Stored records

* * *

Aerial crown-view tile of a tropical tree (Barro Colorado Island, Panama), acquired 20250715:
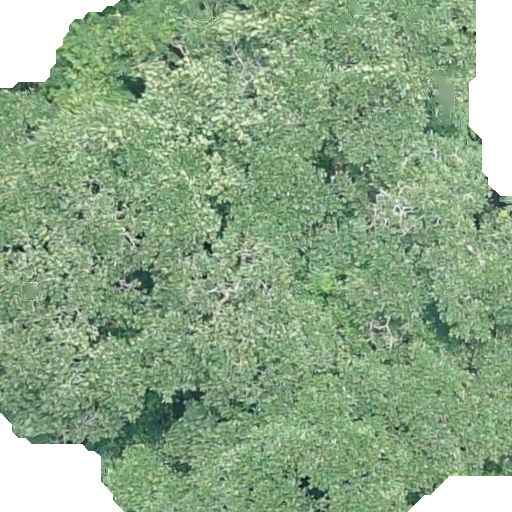
Species: Ficus insipida
GBIF accepted scientific name: Ficus insipida
Crown area: 432.147 m²
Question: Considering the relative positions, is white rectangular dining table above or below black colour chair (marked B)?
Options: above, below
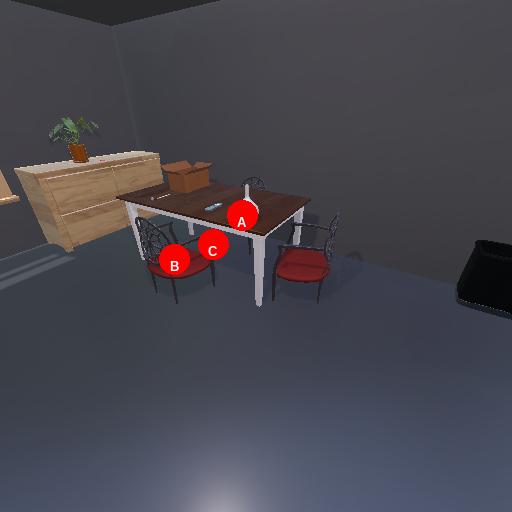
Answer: above
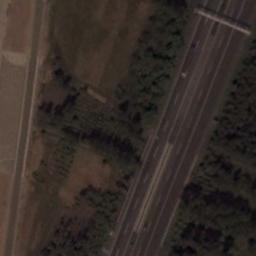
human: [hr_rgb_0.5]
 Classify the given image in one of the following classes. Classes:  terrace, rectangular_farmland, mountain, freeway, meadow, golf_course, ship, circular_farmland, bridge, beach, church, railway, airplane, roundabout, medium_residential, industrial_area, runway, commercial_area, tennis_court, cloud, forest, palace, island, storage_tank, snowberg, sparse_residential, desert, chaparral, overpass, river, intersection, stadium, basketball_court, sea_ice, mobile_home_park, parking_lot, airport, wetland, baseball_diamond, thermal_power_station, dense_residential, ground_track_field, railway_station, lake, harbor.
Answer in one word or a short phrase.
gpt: freeway
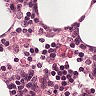
Metastatic tissue present: no
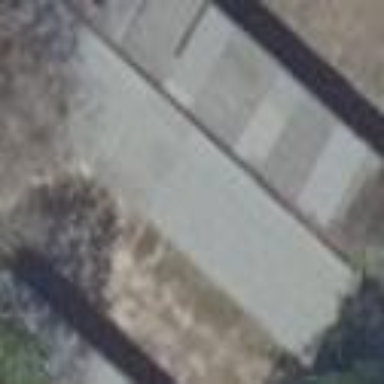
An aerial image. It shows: Flat roofed garages.
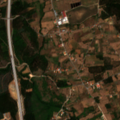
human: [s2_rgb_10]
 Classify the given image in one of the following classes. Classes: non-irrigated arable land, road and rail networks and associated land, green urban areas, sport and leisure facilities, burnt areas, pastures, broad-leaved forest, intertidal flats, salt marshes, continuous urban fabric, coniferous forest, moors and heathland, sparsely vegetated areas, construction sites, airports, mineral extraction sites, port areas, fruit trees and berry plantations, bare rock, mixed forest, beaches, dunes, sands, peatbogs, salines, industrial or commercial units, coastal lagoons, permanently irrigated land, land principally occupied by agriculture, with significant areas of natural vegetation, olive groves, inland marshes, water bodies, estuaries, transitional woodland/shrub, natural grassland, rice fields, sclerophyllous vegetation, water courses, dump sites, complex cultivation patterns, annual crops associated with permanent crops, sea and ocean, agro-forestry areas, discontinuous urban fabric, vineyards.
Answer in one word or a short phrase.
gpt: complex cultivation patterns, land principally occupied by agriculture, with significant areas of natural vegetation, broad-leaved forest, mixed forest
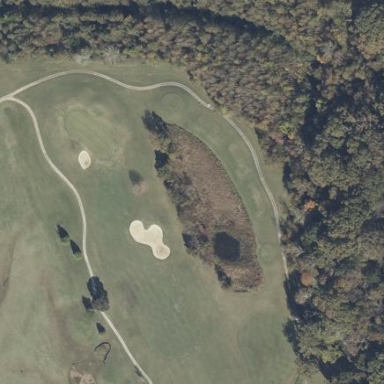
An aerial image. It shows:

* * *

- WORK TO COMPLETE: The answer must be the lines above from the one containing "Question: Considering the" through the one containing "railway_station, lake, harbor.", reproduced exactly, with no pictures and nothing else.

- SOLUTION TO THIS TASK:
Question: Considering the relative positions, is white rectangular dining table above or below black colour chair (marked B)?
Options: above, below
Answer: above
human: [hr_rgb_0.5]
 Classify the given image in one of the following classes. Classes:  terrace, rectangular_farmland, mountain, freeway, meadow, golf_course, ship, circular_farmland, bridge, beach, church, railway, airplane, roundabout, medium_residential, industrial_area, runway, commercial_area, tennis_court, cloud, forest, palace, island, storage_tank, snowberg, sparse_residential, desert, chaparral, overpass, river, intersection, stadium, basketball_court, sea_ice, mobile_home_park, parking_lot, airport, wetland, baseball_diamond, thermal_power_station, dense_residential, ground_track_field, railway_station, lake, harbor.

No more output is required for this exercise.